Lo que en su momento nos parecía moderno y sofisticado hoy puede resultar tan desfasado como las riñoneras noventeras o las chapas del “acid house”.

En interiorismo ocurre exactamente lo mismo que en moda: las tendencias van y vienen, pero no todas envejecen con la misma dignidad. Algunas se reciclan con cierto encanto vintage, mientras que otras solo consiguen que tu casa parezca anclada en otra época poco favorecedora.
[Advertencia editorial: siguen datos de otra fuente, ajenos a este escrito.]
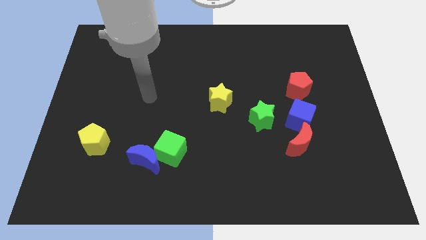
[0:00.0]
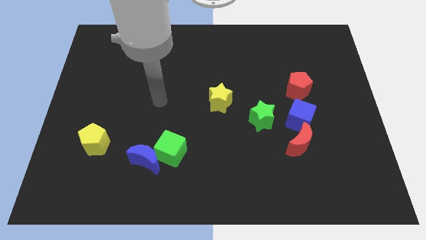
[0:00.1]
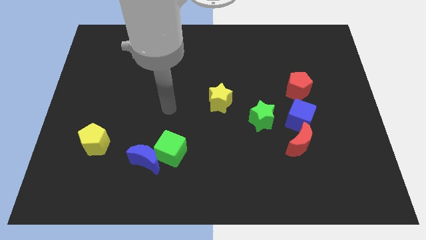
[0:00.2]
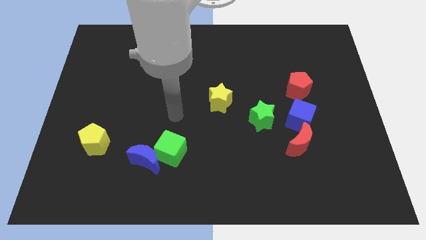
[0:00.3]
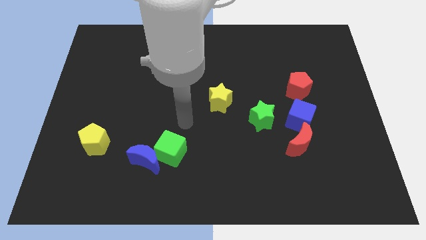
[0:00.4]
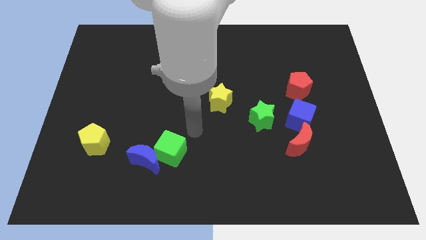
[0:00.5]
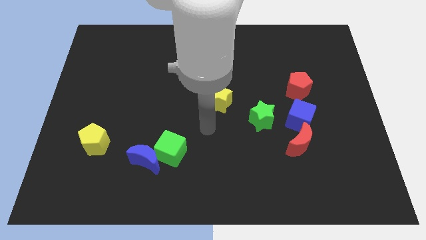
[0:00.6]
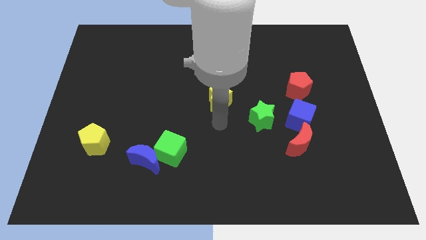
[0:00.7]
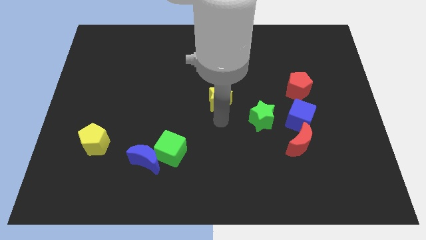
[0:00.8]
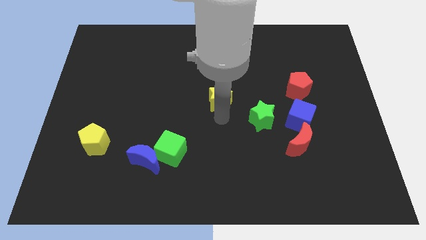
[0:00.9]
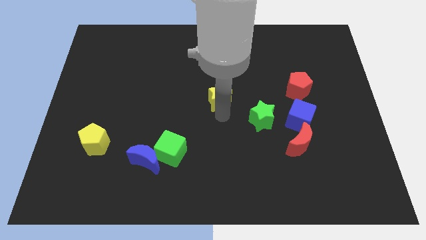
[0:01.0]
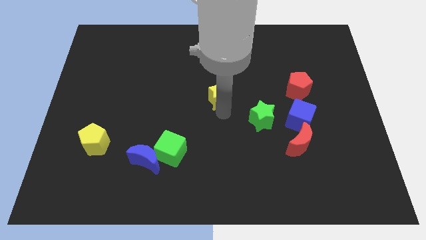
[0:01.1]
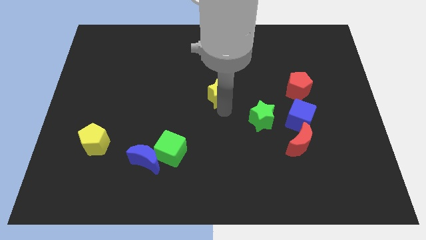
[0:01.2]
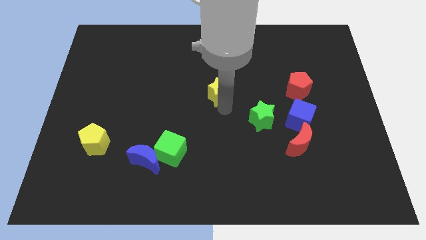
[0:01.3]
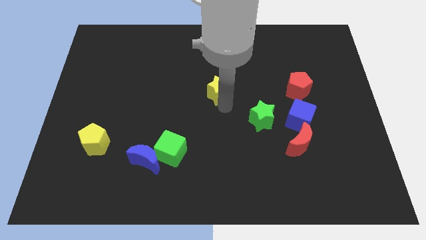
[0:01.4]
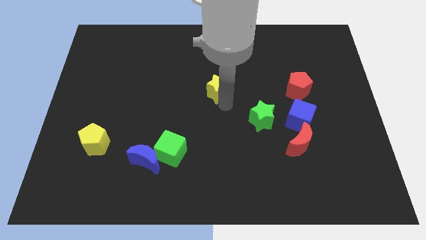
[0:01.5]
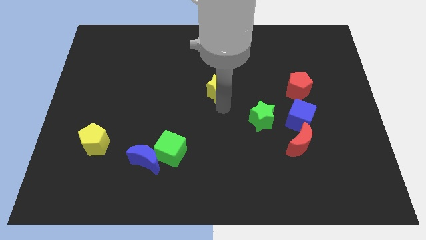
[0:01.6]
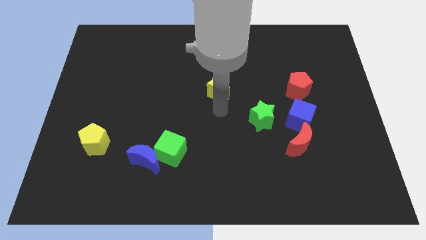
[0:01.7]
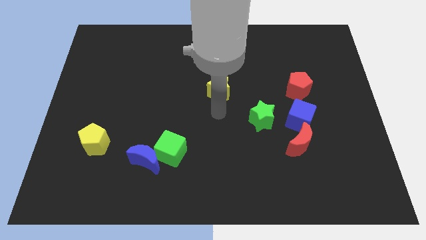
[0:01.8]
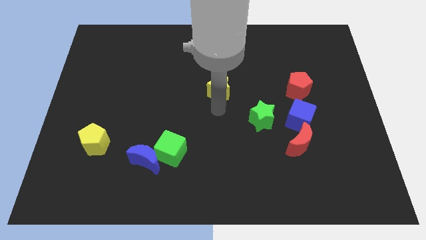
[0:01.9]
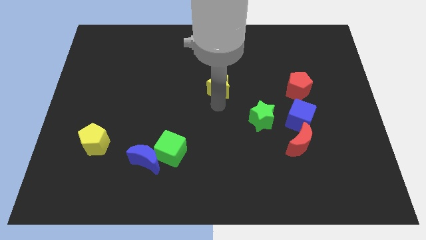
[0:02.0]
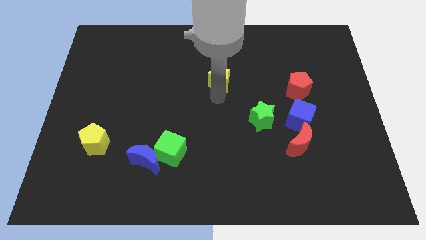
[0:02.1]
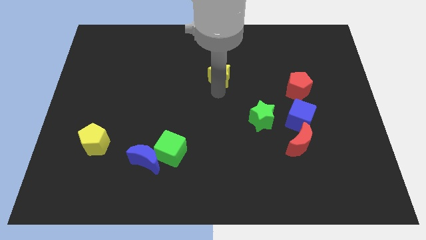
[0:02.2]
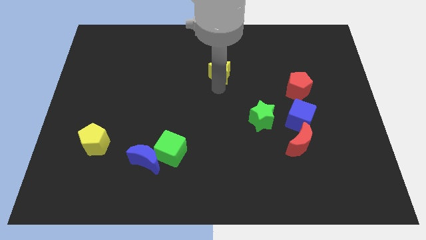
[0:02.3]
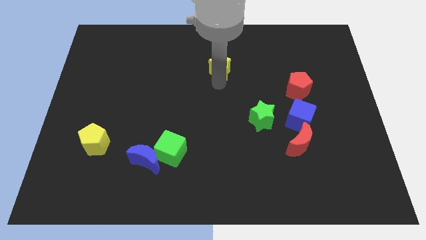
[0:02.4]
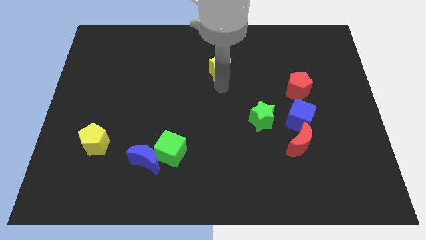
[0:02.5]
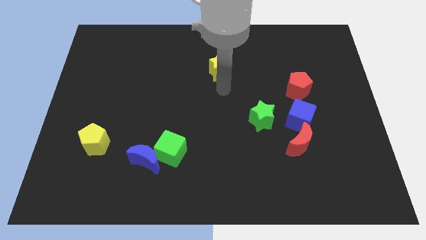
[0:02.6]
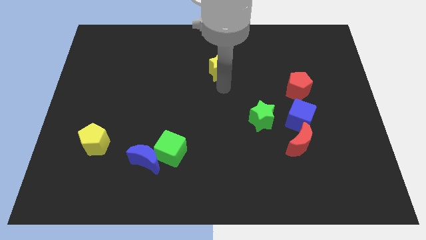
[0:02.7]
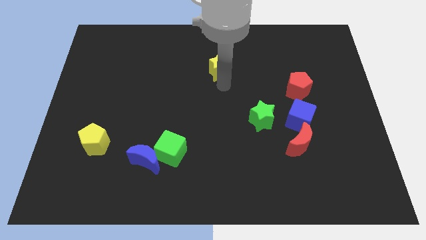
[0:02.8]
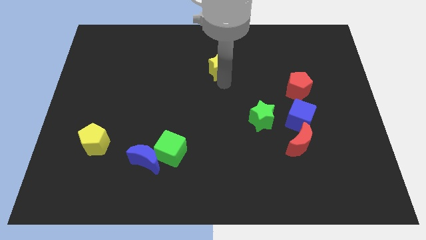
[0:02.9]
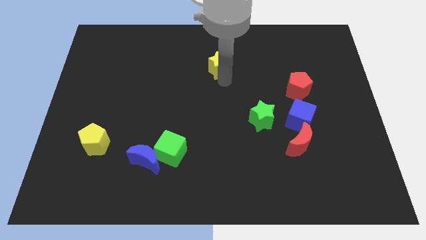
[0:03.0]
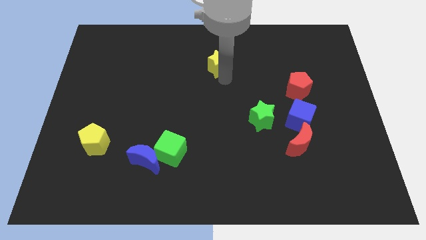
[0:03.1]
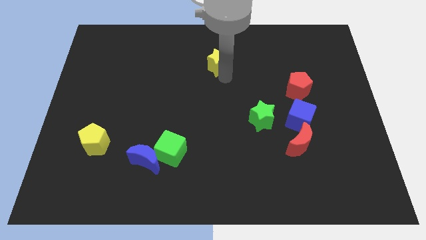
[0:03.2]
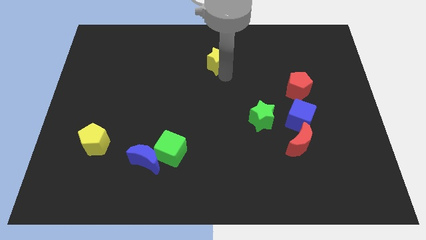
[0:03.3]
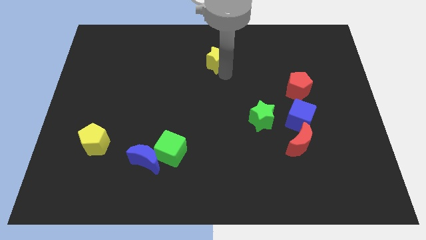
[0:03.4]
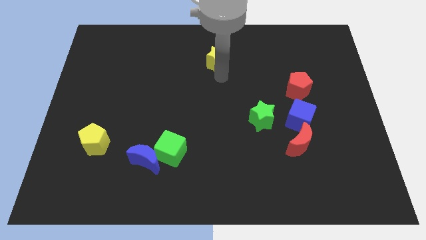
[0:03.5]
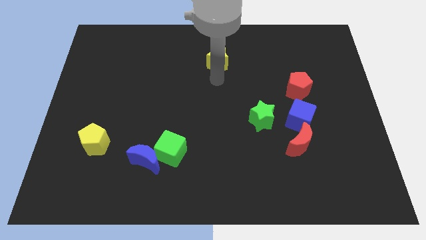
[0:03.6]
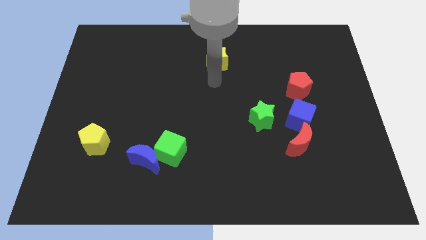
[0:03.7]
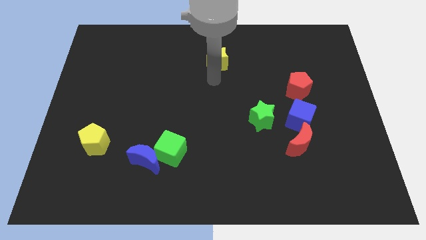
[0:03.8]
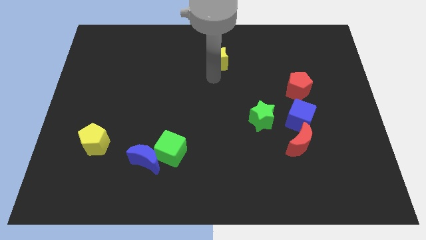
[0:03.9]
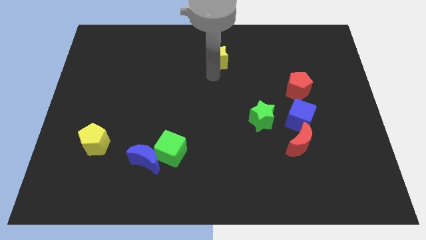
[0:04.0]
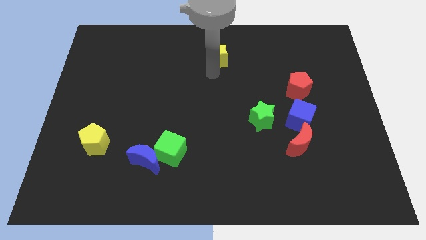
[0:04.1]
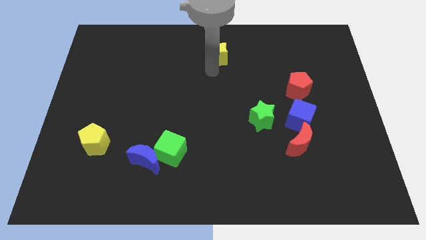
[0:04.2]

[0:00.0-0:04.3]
move the yellow star to the towards your base

En este artículo repasamos 6 artículos y recursos decorativos que los diseñadores te recomendarían jubilar sin remordimientos, y te contamos con qué alternativas más actuales puedes reemplazarlos para que tu hogar se vea fresco, acogedor y, sobre todo, muy tú.

1. Pavés: del recurso barato al lastre visual

Durante años, los bloques de vidrio fueron la solución comodín de muchos constructores: el famoso pavés. Era la opción rápida cuando el cliente pedía un cerramiento acristalado y el presupuesto no daba para mucho más. El resultado, en la práctica, suele ser un muro pesado visualmente que ni proporciona una transparencia limpia ni una separación de ambientes eficaz.

El pavés se utilizó hasta la saciedad en pasillos, baños, escaleras e incluso fachadas interiores, con la idea de dejar pasar la luz manteniendo cierta intimidad. El problema es que genera una estética muy marcada, difícil de integrar en viviendas actuales que buscan líneas más ligeras. Salvo que vivas en un loft industrial de aire neoyorquino y esté muy bien integrado, ese bloque traslúcido suele funcionar más como un ruido visual que como recurso estiloso.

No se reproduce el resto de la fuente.